» **WORK TO COMPLETE**: The result should be the lines from the one holding "parameter M = 2; // Number of outputs" to the final line of the records below, repeated exactly and with no pictures.

» **RECORD SET**:
•••

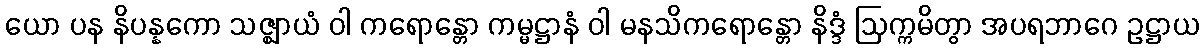
ယော ပန နိပန္နကော သဇ္ဈာယံ ဝါ ကရောန္တော ကမ္မဋ္ဌာနံ ဝါ မနသိကရောန္တော နိဒ္ဒံ ဩက္ကမိတွာ အပရဘာဂေ ဥဋ္ဌာယ
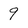
Character: 9
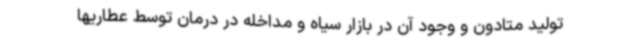
تولید متادون و وجود آن در بازار سیاه و مداخله در درمان توسط عطاریها
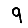
Digit: 9
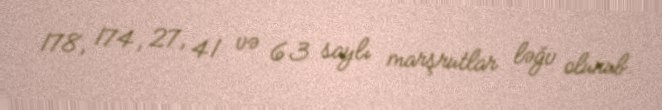
178, 174, 27, 41 və 63 saylı marşrutlar ləğv olunub.
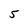
Character: 5
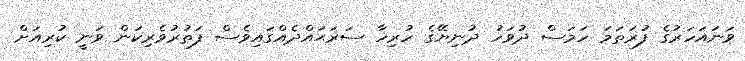
ވަނައަހަރުގެ ފުރަތަމަ ހަމަސް ދުވަހު ދުނިޔޭގެ ހުރިހާ ސަރަޙައްދެއްގައިވެސް ފަތުރުވެރިކަން ވަނީ ކުރިއަށް
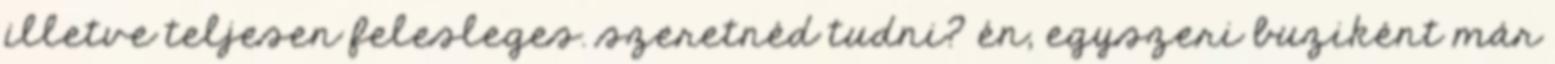
illetve teljesen felesleges. szeretnéd tudni? én, egyszeri buziként már
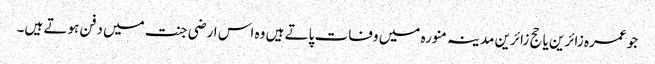
جو عمرہ زائرین یا حج زائرین مدینہ منورہ میں وفات پاتے ہیں وہ اس ارضی جنت میں دفن ہوتے ہیں۔
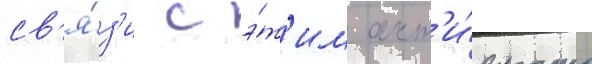
св'я́з'и с э́т'им акт'и́вность
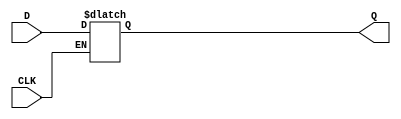
module D_latch (D, CLK, Q);


    input D;
    input CLK;
    output reg Q;
    always @ (D, CLK)
        if (CLK)
            Q = D;
endmodule
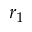
r _ { 1 }
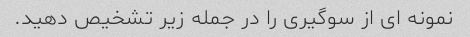
نمونه ای از سوگیری را در جمله زیر تشخیص دهید.
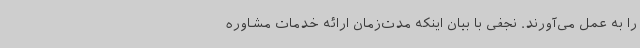
را به عمل می‌آورند. نجفی با بیان اینکه مدت‌زمان ارائه خدمات مشاوره
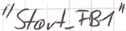
Text: "Start_FB1"
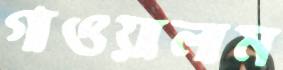
গাওয়ালাম
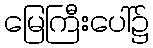
မြေကြီးပေါ်၌
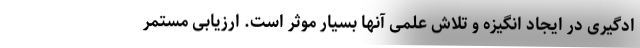
ادگیری در ایجاد انگیزه و تلاش علمی آنها بسیار موثر است. ارزیابی مستمر
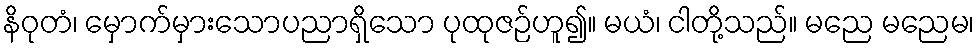
နိဝုတံ၊ မှောက်မှားသောပညာရှိသော ပုထုဇဉ်ဟူ၍။ မယံ၊ ငါတို့သည်။ မညေ မညေမ၊
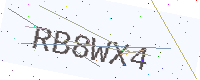
Text: RB8WX4
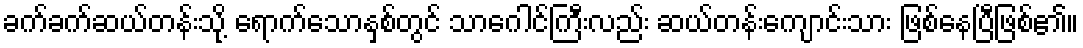
ခက်ခက်ဆယ်တန်းသို့ ရောက်သောနှစ်တွင် သာဂေါင်ကြီးလည်း ဆယ်တန်းကျောင်းသား ဖြစ်နေပြီဖြစ်၏။
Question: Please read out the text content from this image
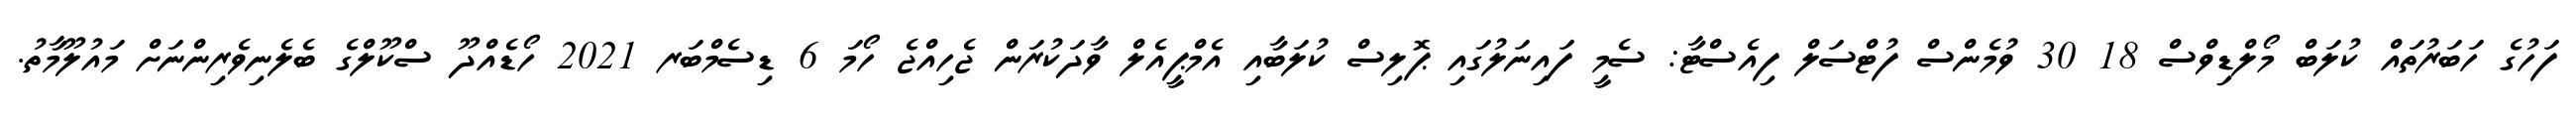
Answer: ފަހުގެ ހަބަރުތައް ކުލަބް މޯލްޑިވްސް 18 30 ވުމެންސް ފުޓްސަލް ފިއެސްޓާ: ސެމީ ފައިނަލުގައި ޕޮލިސް ކުލަބާއި އެމްޕީއެލް ވާދަކުރަން ޖެހިއްޖެ ހޯމަ 6 ޑިސެމްބަރ 2021 ހޯޑެއްދޫ ސްކޫލްގެ ބެލެނިވެރިންނަށް މައުލޫމާތު.
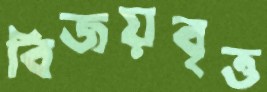
বিজয়বৃত্ত
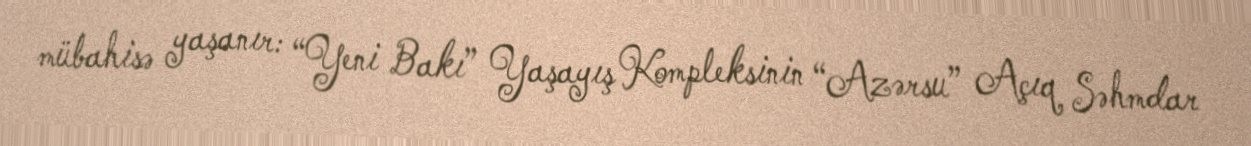
mübahisə yaşanır: “Yeni Bakı” Yaşayış Kompleksinin “Azərsu” Açıq Səhmdar
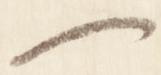
一
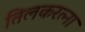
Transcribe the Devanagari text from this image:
तिलकरत्ना
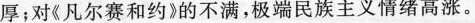
厚；对《凡尔赛和约》的不满，极端民族主义情绪高涨。
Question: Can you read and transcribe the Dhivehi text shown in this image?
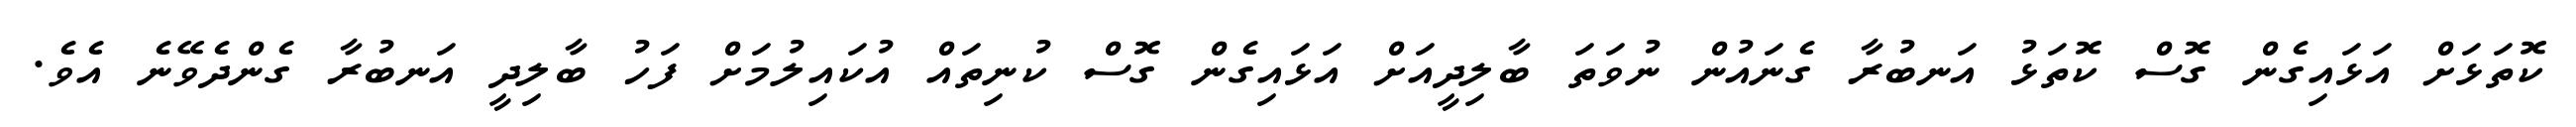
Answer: ކޮތަޅަށް އަޅައިގެން ގޮސް ކޮތަޅު އަނބުރާ ގެނައުން ނުވަތަ ބާލިދީއަށް އަޅައިގެން ގޮސް ކުނިތައް އުކައިލުމަށް ފަހު ބާލިދީ އަނބުރާ ގެންދެވޭނެ އެވެ.
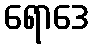
ရောဒေ
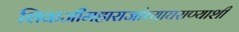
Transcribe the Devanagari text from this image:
शिवाजीमहाराजांच्याघराण्याशी
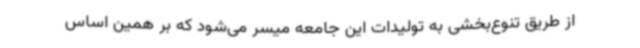
از طریق تنوع‌بخشی به تولیدات این جامعه میسر می‌شود که بر همین اساس
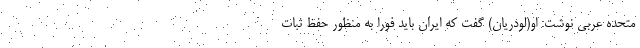
متحده عربی نوشت: او(لودریان) گفت که ایران باید فورا به منظور حفظ ثبات
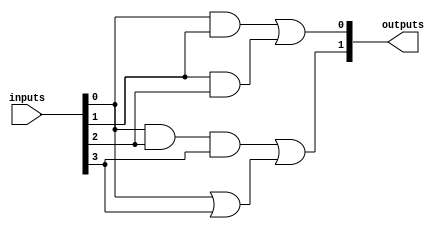
module masked_pal (
    input wire [N-1:0] inputs,   // N input lines
    output wire [M-1:0] outputs   // M output lines
);

// Parameters for the number of inputs and outputs
parameter N = 4; // Number of inputs
parameter M = 2; // Number of outputs

// Define the number of AND gates
parameter AND_GATE_COUNT = 4; // Number of AND gates in the PAL

// Internal wires for AND gate outputs
wire [AND_GATE_COUNT-1:0] and_outputs;

// AND gate programming (masking)
// Example programming for 4 AND gates
// Each AND gate can be programmed to respond to any combination of inputs
assign and_outputs[0] = inputs[0] & inputs[1];           // AND Gate 0: A & B
assign and_outputs[1] = inputs[1] & inputs[2];           // AND Gate 1: B & C
assign and_outputs[2] = inputs[0] & inputs[2] & inputs[3]; // AND Gate 2: A & C & D
assign and_outputs[3] = inputs[0] | inputs[3];           // AND Gate 3: A | D (example of combinational logic)

// OR Plane - Fixed connections to AND gate outputs
assign outputs[0] = and_outputs[0] | and_outputs[1]; // OR Gate 0: Output from AND Gate 0 and 1
assign outputs[1] = and_outputs[2] | and_outputs[3]; // OR Gate 1: Output from AND Gate 2 and 3

endmodule
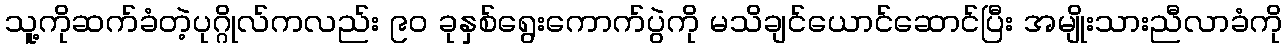
သူ့ကိုဆက်ခံတဲ့ပုဂ္ဂိုလ်ကလည်း ၉၀ ခုနှစ်ရွေးကောက်ပွဲကို မသိချင်ယောင်ဆောင်ပြီး အမျိုးသားညီလာခံကို
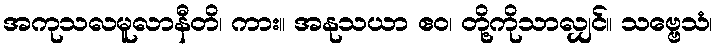
အကုသလမူလာနီတိ၊ ကား။ အနုသယာ ဧဝ၊ တို့ကိုသာလျှင်။ သဗ္ဗေသံ၊
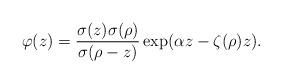
LaTeX: \begin{align*} \varphi(z) = { \sigma(z) \sigma(\rho) \over \sigma(\rho - z)} \exp(\alpha z - \zeta(\rho) z).\end{align*}
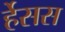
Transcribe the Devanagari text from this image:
र्हेसस

•••

» **WORKED SOLUTION**:
parameter M = 2; // Number of outputs

// Define the number of AND gates
parameter AND_GATE_COUNT = 4; // Number of AND gates in the PAL

// Internal wires for AND gate outputs
wire [AND_GATE_COUNT-1:0] and_outputs;

// AND gate programming (masking)
// Example programming for 4 AND gates
// Each AND gate can be programmed to respond to any combination of inputs
assign and_outputs[0] = inputs[0] & inputs[1];           // AND Gate 0: A & B
assign and_outputs[1] = inputs[1] & inputs[2];           // AND Gate 1: B & C
assign and_outputs[2] = inputs[0] & inputs[2] & inputs[3]; // AND Gate 2: A & C & D
assign and_outputs[3] = inputs[0] | inputs[3];           // AND Gate 3: A | D (example of combinational logic)

// OR Plane - Fixed connections to AND gate outputs
assign outputs[0] = and_outputs[0] | and_outputs[1]; // OR Gate 0: Output from AND Gate 0 and 1
assign outputs[1] = and_outputs[2] | and_outputs[3]; // OR Gate 1: Output from AND Gate 2 and 3

endmodule
သူ့ကိုဆက်ခံတဲ့ပုဂ္ဂိုလ်ကလည်း ၉၀ ခုနှစ်ရွေးကောက်ပွဲကို မသိချင်ယောင်ဆောင်ပြီး အမျိုးသားညီလာခံကို
အကုသလမူလာနီတိ၊ ကား။ အနုသယာ ဧဝ၊ တို့ကိုသာလျှင်။ သဗ္ဗေသံ၊
LaTeX: \begin{align*} \varphi(z) = { \sigma(z) \sigma(\rho) \over \sigma(\rho - z)} \exp(\alpha z - \zeta(\rho) z).\end{align*}
Transcribe the Devanagari text from this image:
र्हेसस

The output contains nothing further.